Ethanol is currently the most widely used biofuel, and is commonly used as an additive to or substitute for petrol. It can be blended with petrol and safely used in unmodified engines or, after some simple engine modifications (e.g. seal replacement), used as a fuel replacement.

Traditionally, ethanol is obtained from sugar cane, wheat or corn by enzymatic conversion of starch into sugars, yeast fermentation to alcohol and finally distillation. This approach often causes much debate as the feedstock for this process is also a source of food and the energetics are very poor. In light of this debate, research is currently being directed towards utilising lignocellulosic biomass derived from crops such as bagasse (sugar cane waste left after sugar cane processing) and sawdust. These waste products can be converted into ethanol or into other value-added chemicals, thus gaining maximum value out of the crop without competing with the food supply.
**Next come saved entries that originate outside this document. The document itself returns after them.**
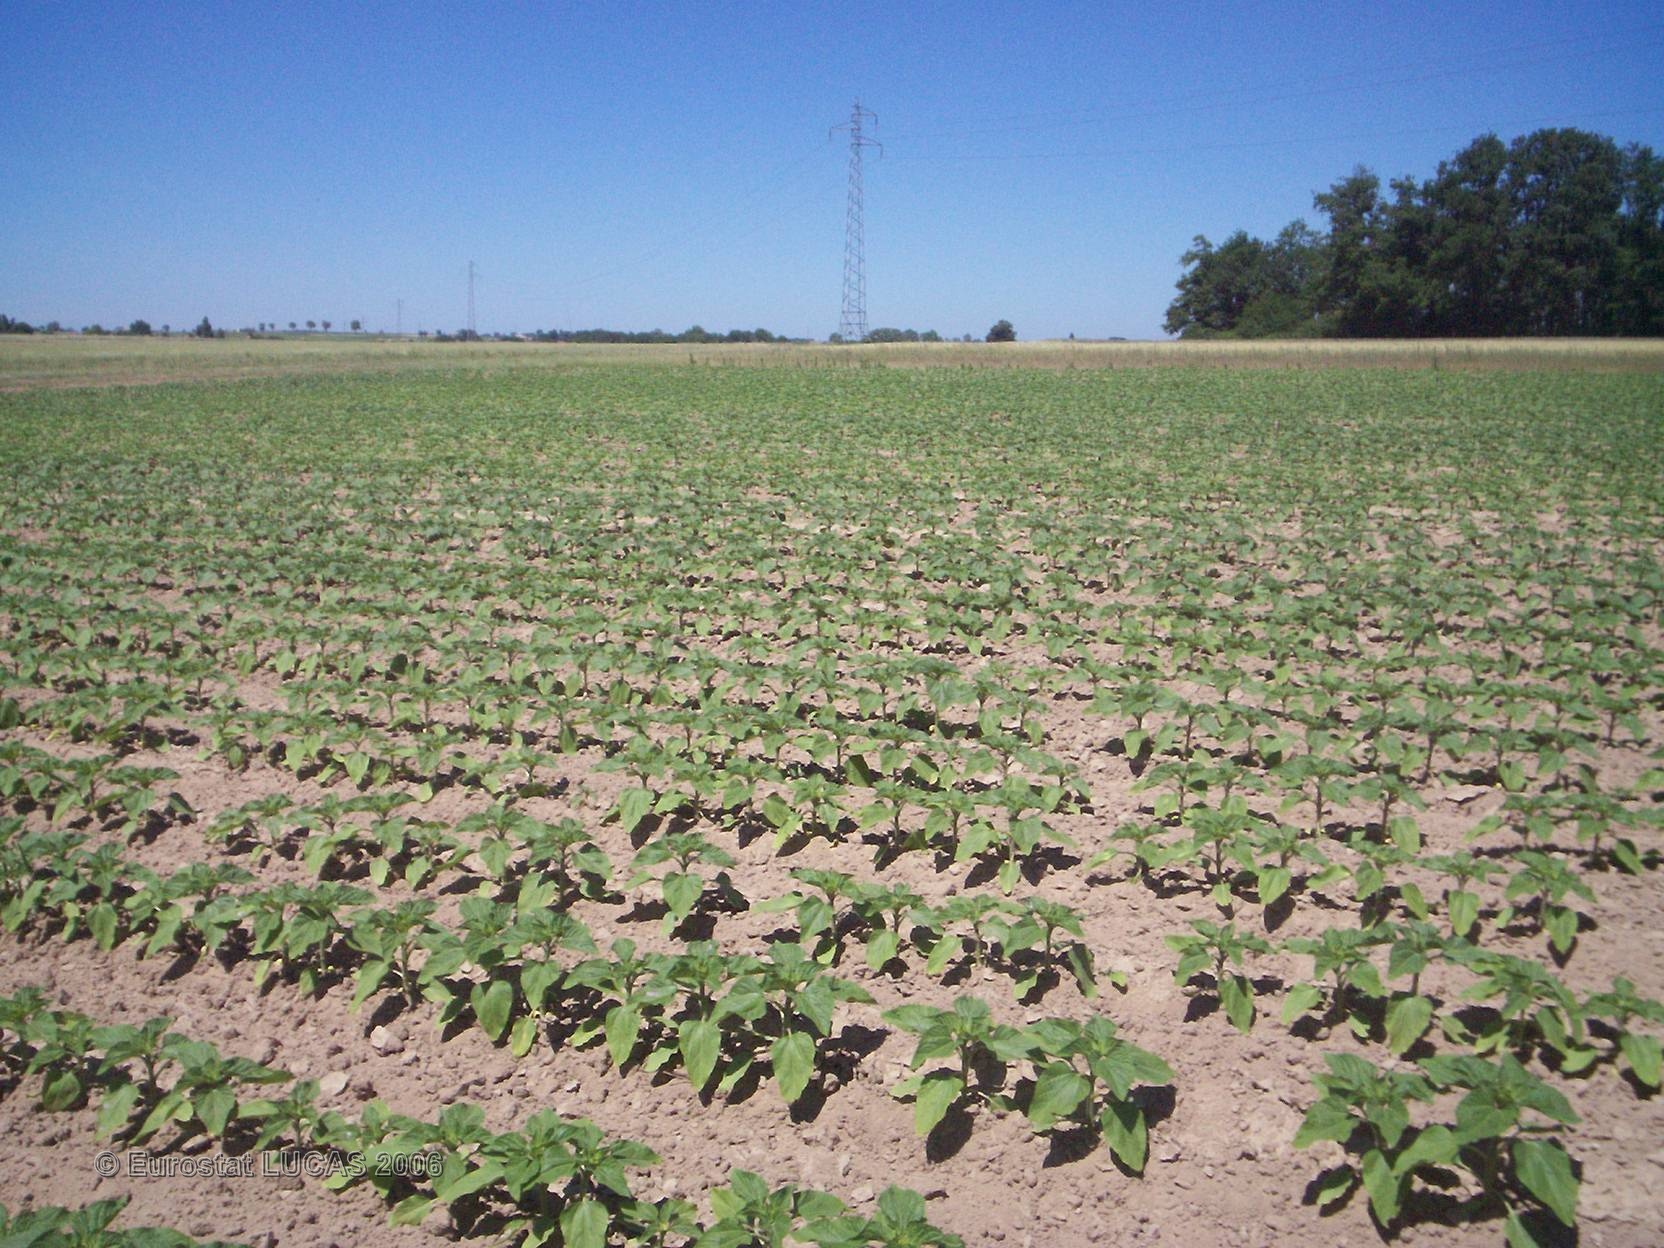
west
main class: Cropland
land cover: Sunflower
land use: Agriculture (excluding fallow land and kitchen gardens)
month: May
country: FR
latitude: 45.5005
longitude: -0.7356

The cellulose present in the lignocellulosic biomass is hydrolysed to produce sugars, which are then fermented to give ethanol. At present there are no commercial operations using this approach, but the US government has set aside A$500 million to be matched by industry with another A$500 million over the next 5 years to solve this issue, indicating the potential importance of this technology.

A key problem in terms of catalysis is the efficient removal of the lignin from the celluloses without compromising the biocatalysts in subsequent steps due to the generation of bio-inhibitors.


In the biomass gasification process, biomass is converted to synthesis gas (syngas), a mixture of gases including carbon monoxide, carbon dioxide, methane, hydrogen and nitrogen. These components can then be reacted further to give a variety of value-added chemicals including alternative fuels. Choren Industries, a Germany-based alternative fuel company, is converting syngas into a hydrocarbon-based fuel suitable for use in the automotive industry. In this process, biomass is broken down into simple gaseous components, which can then be reassembled, in the presence of a cobalt catalyst, to give long-chain hydrocarbons. These resulting hydrocarbons are known as Sundiesel, and offer yet another sustainable and biomass-based alternative transport fuel. However, the use of energy in this process is very significant and the overall energy balance is poor due to the high energy costs.

Hydrothermal Upgrading

This approach is another example of supercritical (or near-supercritical) processing using water, rather than methanol, as the solvent. The temperatures are lower than those used in the gasification/pyrolysis regime.

Although this process can produce bio-oil from biomass, the oil is unstable and still contains a significant amount of oxygen. The oxygen content makes it immiscible with some components of fossil diesel, causing blending problems. In other aspects it represents a perfect solution to biomass pre-processing due to its low degree of complexity and independence of bio-catalysts and fermentation to ethanol.

However, an Australian start-up company, Licella Pty Ltd, has just announced a world breakthrough: it has produced the first stable bio-oil from woody waste. This can be blended with crude oil to make all the common refinery products sustainable (by the same percentage as bio-oil is blended), without the need to change the existing refinery infrastructure and allowing the current chemical feedstocks to remain the same. The authors view this announcement as the beginning of a global paradigm shift for transport fuels and the petrochemical industry, since it allows the introduction of a renewable source without the costly and time-consuming rebuild of global infrastructure.


A multitude of approaches exist to the fuels problem, each with merits and disadvantages. Biomass is part of the answer to sustainability issues and helps to combat the problems of greenhouse gases. By adopting the 12 principles of green chemistry, one of which includes the use of catalysts, we are well on our way to producing alternative fuels for a sustainable future.